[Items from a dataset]

☆ ☆ ☆ ☆ ☆ ☆ ☆

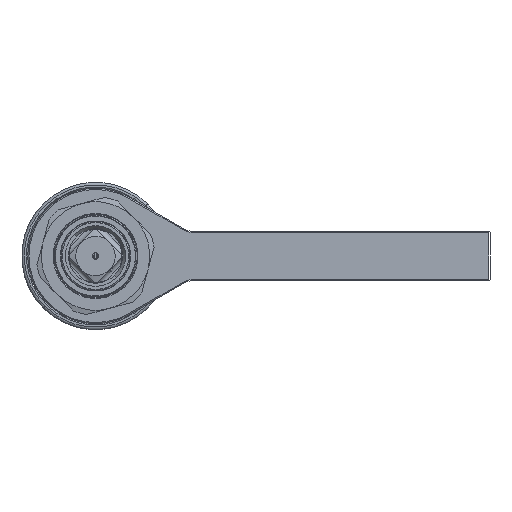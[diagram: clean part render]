
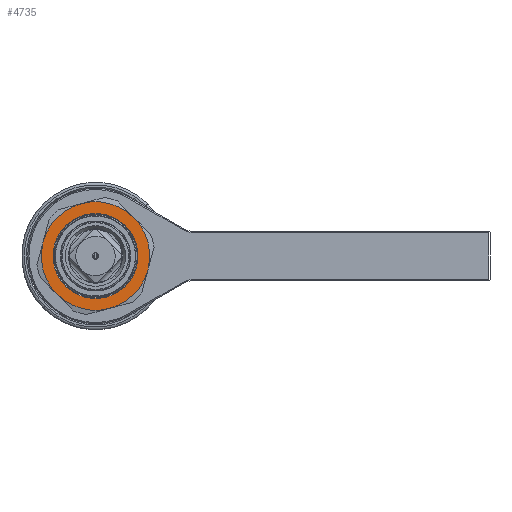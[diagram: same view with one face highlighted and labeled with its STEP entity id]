
A CAD part, left-side view. The second image highlights one B-rep face of the part: STEP entity #4735.
In plain terms, the highlighted planar face has unit normal (-1, 0, 0).
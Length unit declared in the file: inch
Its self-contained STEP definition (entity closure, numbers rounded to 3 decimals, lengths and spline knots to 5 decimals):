
#4215=CARTESIAN_POINT('',(-11.4515,0.,0.));
#4216=DIRECTION('',(1.,0.,0.));
#4217=DIRECTION('',(0.,0.966,0.259));
#4218=AXIS2_PLACEMENT_3D('',#4215,#4216,#4217);
#4220=CARTESIAN_POINT('',(-11.4515,0.,0.));
#4221=DIRECTION('',(1.,0.,0.));
#4222=DIRECTION('',(0.,0.707,0.707));
#4223=AXIS2_PLACEMENT_3D('',#4220,#4221,#4222);
#4225=CARTESIAN_POINT('',(-11.4515,0.,0.));
#4226=DIRECTION('',(1.,0.,0.));
#4227=DIRECTION('',(0.,0.259,0.966));
#4228=AXIS2_PLACEMENT_3D('',#4225,#4226,#4227);
#4230=CARTESIAN_POINT('',(-11.4515,0.,0.));
#4231=DIRECTION('',(1.,0.,0.));
#4232=DIRECTION('',(0.,-0.707,0.707));
#4233=AXIS2_PLACEMENT_3D('',#4230,#4231,#4232);
#4235=CARTESIAN_POINT('',(-11.4515,0.,0.));
#4236=DIRECTION('',(1.,0.,0.));
#4237=DIRECTION('',(0.,-0.966,-0.259));
#4238=AXIS2_PLACEMENT_3D('',#4235,#4236,#4237);
#4240=CARTESIAN_POINT('',(-11.4515,0.,0.));
#4241=DIRECTION('',(1.,0.,0.));
#4242=DIRECTION('',(0.,-0.259,-0.966));
#4243=AXIS2_PLACEMENT_3D('',#4240,#4241,#4242);
#4245=CARTESIAN_POINT('',(-11.4515,0.,0.));
#4246=DIRECTION('',(1.,0.,0.));
#4247=DIRECTION('',(0.,0.707,-0.707));
#4248=AXIS2_PLACEMENT_3D('',#4245,#4246,#4247);
#4250=CARTESIAN_POINT('',(-11.4515,0.,0.));
#4251=DIRECTION('',(-1.,0.,0.));
#4252=DIRECTION('',(0.,-0.707,0.707));
#4253=AXIS2_PLACEMENT_3D('',#4250,#4251,#4252);
#4255=CARTESIAN_POINT('',(-11.4515,0.,0.));
#4256=DIRECTION('',(-1.,0.,0.));
#4257=DIRECTION('',(0.,0.707,-0.707));
#4258=AXIS2_PLACEMENT_3D('',#4255,#4256,#4257);
#4618=CARTESIAN_POINT('',(-11.4515,0.35588,1.32815));
#4619=CARTESIAN_POINT('',(-11.4515,-0.97227,0.97227));
#4620=VERTEX_POINT('',#4618);
#4621=VERTEX_POINT('',#4619);
#4622=CARTESIAN_POINT('',(-11.4515,-1.32815,-0.35588));
#4623=VERTEX_POINT('',#4622);
#4624=CARTESIAN_POINT('',(-11.4515,-0.35588,-1.32815));
#4625=CARTESIAN_POINT('',(-11.4515,0.97227,-0.97227));
#4626=VERTEX_POINT('',#4624);
#4627=VERTEX_POINT('',#4625);
#4628=CARTESIAN_POINT('',(-11.4515,1.32815,0.35588));
#4629=VERTEX_POINT('',#4628);
#4630=CARTESIAN_POINT('',(-11.4515,-0.76226,0.76226));
#4631=CARTESIAN_POINT('',(-11.4515,0.76226,-0.76226));
#4632=VERTEX_POINT('',#4630);
#4633=VERTEX_POINT('',#4631);
#4640=CARTESIAN_POINT('',(-11.4515,0.97227,0.97227));
#4641=VERTEX_POINT('',#4640);
#4708=CARTESIAN_POINT('',(-11.4515,0.,0.));
#4709=DIRECTION('',(1.,0.,0.));
#4710=DIRECTION('',(0.,0.707,-0.707));
#4711=AXIS2_PLACEMENT_3D('',#4708,#4709,#4710);
#4712=PLANE('',#4711);
#4714=ORIENTED_EDGE('',*,*,#4713,.T.);
#4716=ORIENTED_EDGE('',*,*,#4715,.T.);
#4718=ORIENTED_EDGE('',*,*,#4717,.T.);
#4720=ORIENTED_EDGE('',*,*,#4719,.T.);
#4722=ORIENTED_EDGE('',*,*,#4721,.T.);
#4724=ORIENTED_EDGE('',*,*,#4723,.T.);
#4726=ORIENTED_EDGE('',*,*,#4725,.T.);
#4727=EDGE_LOOP('',(#4714,#4716,#4718,#4720,#4722,#4724,#4726));
#4728=FACE_OUTER_BOUND('',#4727,.F.);
#4730=ORIENTED_EDGE('',*,*,#4729,.T.);
#4732=ORIENTED_EDGE('',*,*,#4731,.T.);
#4733=EDGE_LOOP('',(#4730,#4732));
#4734=FACE_BOUND('',#4733,.F.);
#4735=ADVANCED_FACE('',(#4728,#4734),#4712,.F.);
#4219=CIRCLE('',#4218,1.375);
#4224=CIRCLE('',#4223,1.375);
#4229=CIRCLE('',#4228,1.375);
#4234=CIRCLE('',#4233,1.375);
#4239=CIRCLE('',#4238,1.375);
#4244=CIRCLE('',#4243,1.375);
#4249=CIRCLE('',#4248,1.375);
#4254=CIRCLE('',#4253,1.078);
#4259=CIRCLE('',#4258,1.078);
#4713=EDGE_CURVE('',#4629,#4641,#4219,.T.);
#4715=EDGE_CURVE('',#4641,#4620,#4224,.T.);
#4717=EDGE_CURVE('',#4620,#4621,#4229,.T.);
#4719=EDGE_CURVE('',#4621,#4623,#4234,.T.);
#4721=EDGE_CURVE('',#4623,#4626,#4239,.T.);
#4723=EDGE_CURVE('',#4626,#4627,#4244,.T.);
#4725=EDGE_CURVE('',#4627,#4629,#4249,.T.);
#4729=EDGE_CURVE('',#4632,#4633,#4254,.T.);
#4731=EDGE_CURVE('',#4633,#4632,#4259,.T.);

☆ ☆ ☆ ☆ ☆ ☆ ☆

▶ _Problem requirements_
Output these and nothing else: the lines from the one holding "#4734=FACE_BOUND('',#4733,.F.);" through the final line of the entries above, exactly as they appear.

▶ _Your solution_
#4734=FACE_BOUND('',#4733,.F.);
#4735=ADVANCED_FACE('',(#4728,#4734),#4712,.F.);
#4219=CIRCLE('',#4218,1.375);
#4224=CIRCLE('',#4223,1.375);
#4229=CIRCLE('',#4228,1.375);
#4234=CIRCLE('',#4233,1.375);
#4239=CIRCLE('',#4238,1.375);
#4244=CIRCLE('',#4243,1.375);
#4249=CIRCLE('',#4248,1.375);
#4254=CIRCLE('',#4253,1.078);
#4259=CIRCLE('',#4258,1.078);
#4713=EDGE_CURVE('',#4629,#4641,#4219,.T.);
#4715=EDGE_CURVE('',#4641,#4620,#4224,.T.);
#4717=EDGE_CURVE('',#4620,#4621,#4229,.T.);
#4719=EDGE_CURVE('',#4621,#4623,#4234,.T.);
#4721=EDGE_CURVE('',#4623,#4626,#4239,.T.);
#4723=EDGE_CURVE('',#4626,#4627,#4244,.T.);
#4725=EDGE_CURVE('',#4627,#4629,#4249,.T.);
#4729=EDGE_CURVE('',#4632,#4633,#4254,.T.);
#4731=EDGE_CURVE('',#4633,#4632,#4259,.T.);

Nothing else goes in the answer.